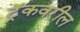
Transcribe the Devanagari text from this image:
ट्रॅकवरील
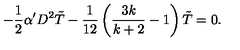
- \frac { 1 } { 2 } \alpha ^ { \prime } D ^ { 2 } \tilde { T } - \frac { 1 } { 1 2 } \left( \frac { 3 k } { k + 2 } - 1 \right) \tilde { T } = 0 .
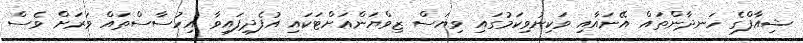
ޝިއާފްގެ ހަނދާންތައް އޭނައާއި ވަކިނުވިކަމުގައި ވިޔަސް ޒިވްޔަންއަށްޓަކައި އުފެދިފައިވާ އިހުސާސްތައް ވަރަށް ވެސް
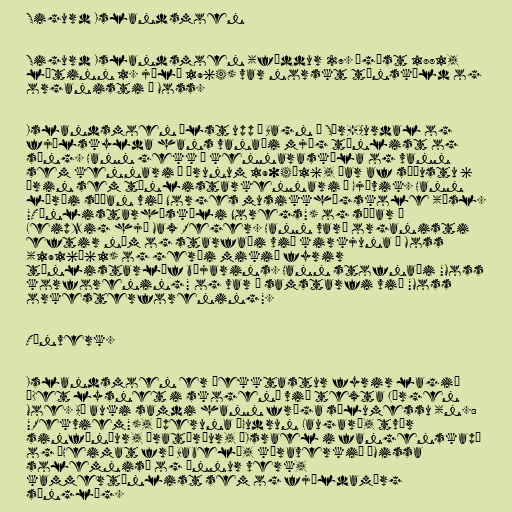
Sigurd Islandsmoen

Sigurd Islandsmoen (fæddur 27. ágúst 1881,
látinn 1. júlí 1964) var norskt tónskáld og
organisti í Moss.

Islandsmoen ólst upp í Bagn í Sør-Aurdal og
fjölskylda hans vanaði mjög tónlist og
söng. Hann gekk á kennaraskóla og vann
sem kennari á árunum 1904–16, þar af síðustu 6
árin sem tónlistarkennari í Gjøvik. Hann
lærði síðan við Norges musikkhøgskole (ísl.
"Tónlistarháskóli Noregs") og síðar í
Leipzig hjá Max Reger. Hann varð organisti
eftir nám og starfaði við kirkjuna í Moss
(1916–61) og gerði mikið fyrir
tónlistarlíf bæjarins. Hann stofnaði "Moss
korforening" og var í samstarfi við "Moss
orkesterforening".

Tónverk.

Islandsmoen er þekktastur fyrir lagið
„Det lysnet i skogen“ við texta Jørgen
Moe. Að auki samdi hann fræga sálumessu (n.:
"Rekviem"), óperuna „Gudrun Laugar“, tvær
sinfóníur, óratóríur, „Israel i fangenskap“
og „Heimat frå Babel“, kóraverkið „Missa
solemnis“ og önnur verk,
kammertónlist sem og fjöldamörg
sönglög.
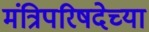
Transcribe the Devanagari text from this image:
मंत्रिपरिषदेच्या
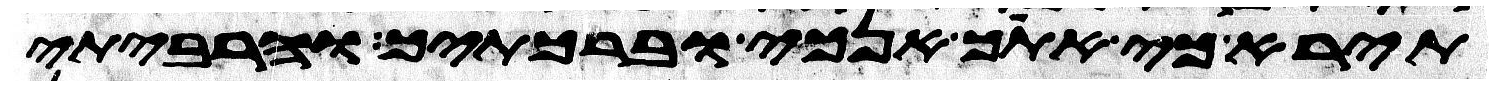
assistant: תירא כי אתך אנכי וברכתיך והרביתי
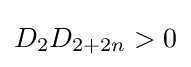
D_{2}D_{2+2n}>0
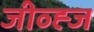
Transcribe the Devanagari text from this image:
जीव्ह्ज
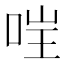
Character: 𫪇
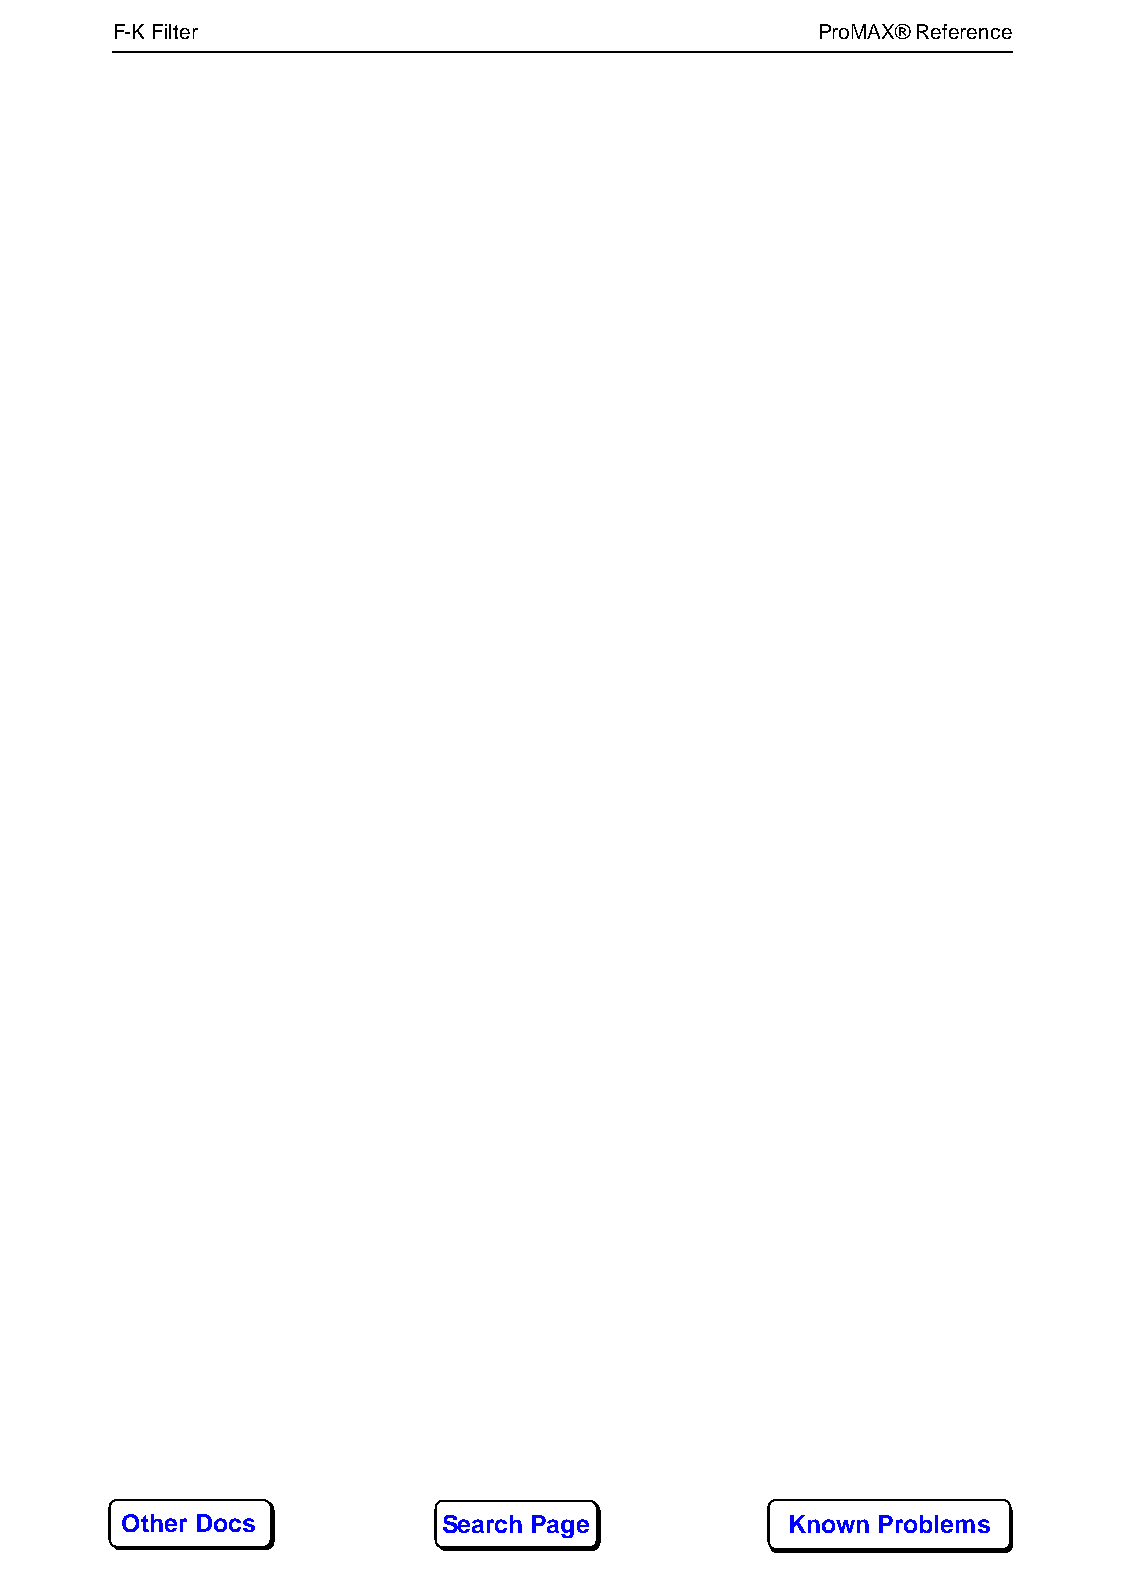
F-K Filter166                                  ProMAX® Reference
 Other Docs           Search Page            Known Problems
* * *
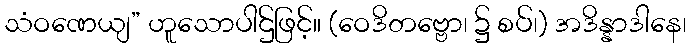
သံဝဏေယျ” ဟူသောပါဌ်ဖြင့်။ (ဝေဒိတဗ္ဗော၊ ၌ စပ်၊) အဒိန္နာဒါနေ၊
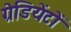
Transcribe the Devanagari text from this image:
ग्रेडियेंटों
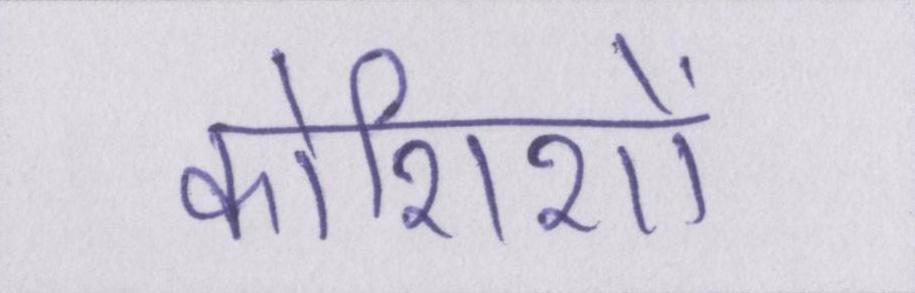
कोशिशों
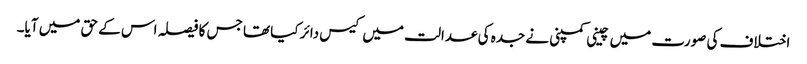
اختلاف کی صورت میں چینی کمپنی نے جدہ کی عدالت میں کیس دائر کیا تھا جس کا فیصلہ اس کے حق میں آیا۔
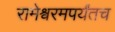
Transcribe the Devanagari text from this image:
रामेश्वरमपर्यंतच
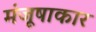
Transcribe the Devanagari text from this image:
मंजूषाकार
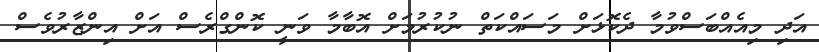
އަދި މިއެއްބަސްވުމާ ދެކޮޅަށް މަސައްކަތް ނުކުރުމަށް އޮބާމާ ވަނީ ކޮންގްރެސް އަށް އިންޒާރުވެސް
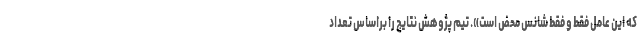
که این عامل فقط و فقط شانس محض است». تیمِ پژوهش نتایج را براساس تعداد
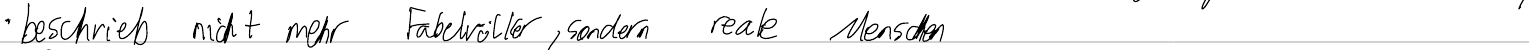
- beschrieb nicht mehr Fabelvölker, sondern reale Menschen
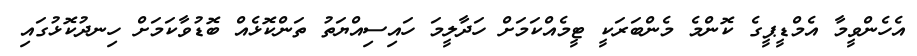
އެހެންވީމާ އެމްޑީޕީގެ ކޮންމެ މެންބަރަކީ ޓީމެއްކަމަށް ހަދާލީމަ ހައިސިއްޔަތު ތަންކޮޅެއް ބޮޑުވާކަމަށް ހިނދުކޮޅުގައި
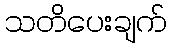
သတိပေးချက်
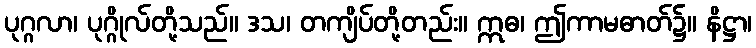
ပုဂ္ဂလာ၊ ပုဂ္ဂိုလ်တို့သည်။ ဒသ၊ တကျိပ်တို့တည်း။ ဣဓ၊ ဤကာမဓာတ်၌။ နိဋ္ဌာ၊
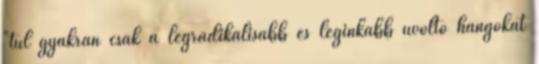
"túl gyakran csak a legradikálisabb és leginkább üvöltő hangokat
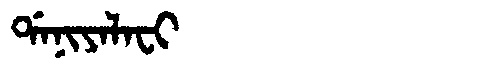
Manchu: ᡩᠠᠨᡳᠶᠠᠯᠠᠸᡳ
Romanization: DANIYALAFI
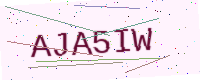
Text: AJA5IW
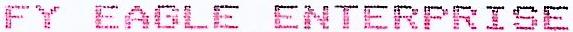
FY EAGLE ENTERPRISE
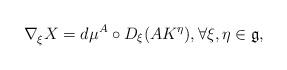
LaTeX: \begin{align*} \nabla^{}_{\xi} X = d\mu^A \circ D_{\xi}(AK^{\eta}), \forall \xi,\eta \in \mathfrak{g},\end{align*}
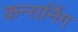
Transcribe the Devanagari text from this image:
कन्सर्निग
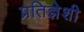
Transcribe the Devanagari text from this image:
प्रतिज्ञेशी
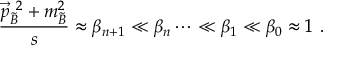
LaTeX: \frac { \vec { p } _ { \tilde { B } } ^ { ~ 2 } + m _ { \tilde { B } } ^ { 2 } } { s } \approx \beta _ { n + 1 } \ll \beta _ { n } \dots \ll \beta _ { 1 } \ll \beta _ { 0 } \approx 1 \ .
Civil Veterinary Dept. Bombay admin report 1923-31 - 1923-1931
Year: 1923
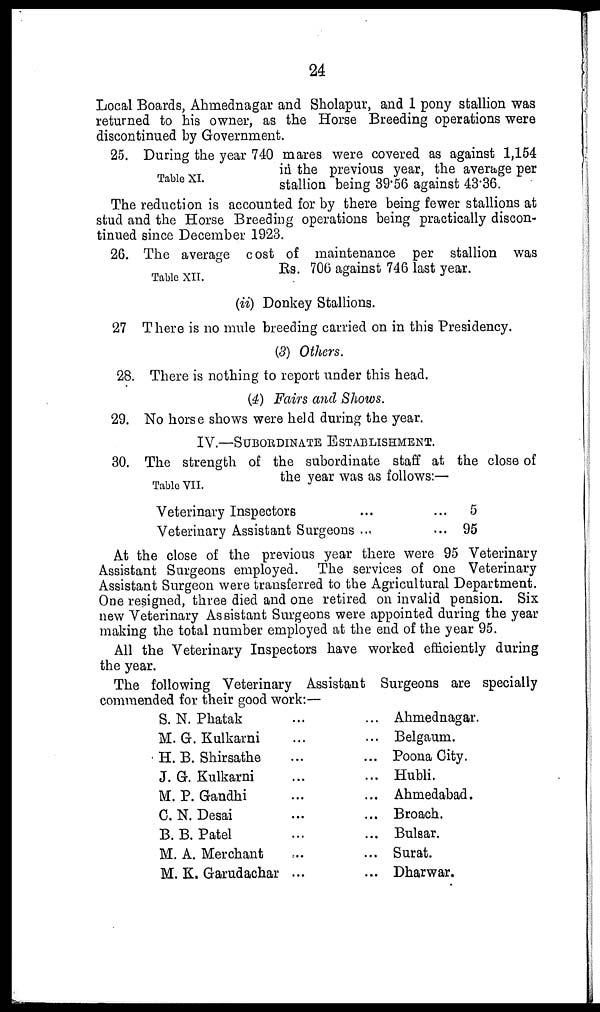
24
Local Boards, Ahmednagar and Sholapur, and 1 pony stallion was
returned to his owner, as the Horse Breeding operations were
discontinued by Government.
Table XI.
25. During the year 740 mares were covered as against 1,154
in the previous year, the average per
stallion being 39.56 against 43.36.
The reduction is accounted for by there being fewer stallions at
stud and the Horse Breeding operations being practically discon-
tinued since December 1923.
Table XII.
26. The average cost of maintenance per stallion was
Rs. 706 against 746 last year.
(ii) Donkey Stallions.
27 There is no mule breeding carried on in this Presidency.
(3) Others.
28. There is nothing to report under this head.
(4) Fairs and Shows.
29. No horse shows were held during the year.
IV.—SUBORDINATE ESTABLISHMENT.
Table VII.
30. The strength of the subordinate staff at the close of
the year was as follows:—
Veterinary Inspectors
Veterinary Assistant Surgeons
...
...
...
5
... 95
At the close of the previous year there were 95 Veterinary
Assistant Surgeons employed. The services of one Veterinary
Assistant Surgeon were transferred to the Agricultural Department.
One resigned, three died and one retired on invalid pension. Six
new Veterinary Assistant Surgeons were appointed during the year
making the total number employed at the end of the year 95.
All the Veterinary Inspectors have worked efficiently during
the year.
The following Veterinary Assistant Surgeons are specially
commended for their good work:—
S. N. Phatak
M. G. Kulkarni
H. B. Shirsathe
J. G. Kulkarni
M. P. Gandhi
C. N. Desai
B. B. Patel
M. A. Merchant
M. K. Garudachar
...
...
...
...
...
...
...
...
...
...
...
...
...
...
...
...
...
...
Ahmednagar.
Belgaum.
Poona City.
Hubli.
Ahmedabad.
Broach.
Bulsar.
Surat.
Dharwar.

■ WHAT TO PRODUCE
Retype the records above, but only those lines that fall between the line containing "29. No horse shows were held during the year." and the line containing "One resigned, three", with both of those lines included, exactly as written.

■ OUTPUT BELOW
29. No horse shows were held during the year.
IV.—SUBORDINATE ESTABLISHMENT.
Table VII.
30. The strength of the subordinate staff at the close of
the year was as follows:—
Veterinary Inspectors
Veterinary Assistant Surgeons
...
...
...
5
... 95
At the close of the previous year there were 95 Veterinary
Assistant Surgeons employed. The services of one Veterinary
Assistant Surgeon were transferred to the Agricultural Department.
One resigned, three died and one retired on invalid pension. Six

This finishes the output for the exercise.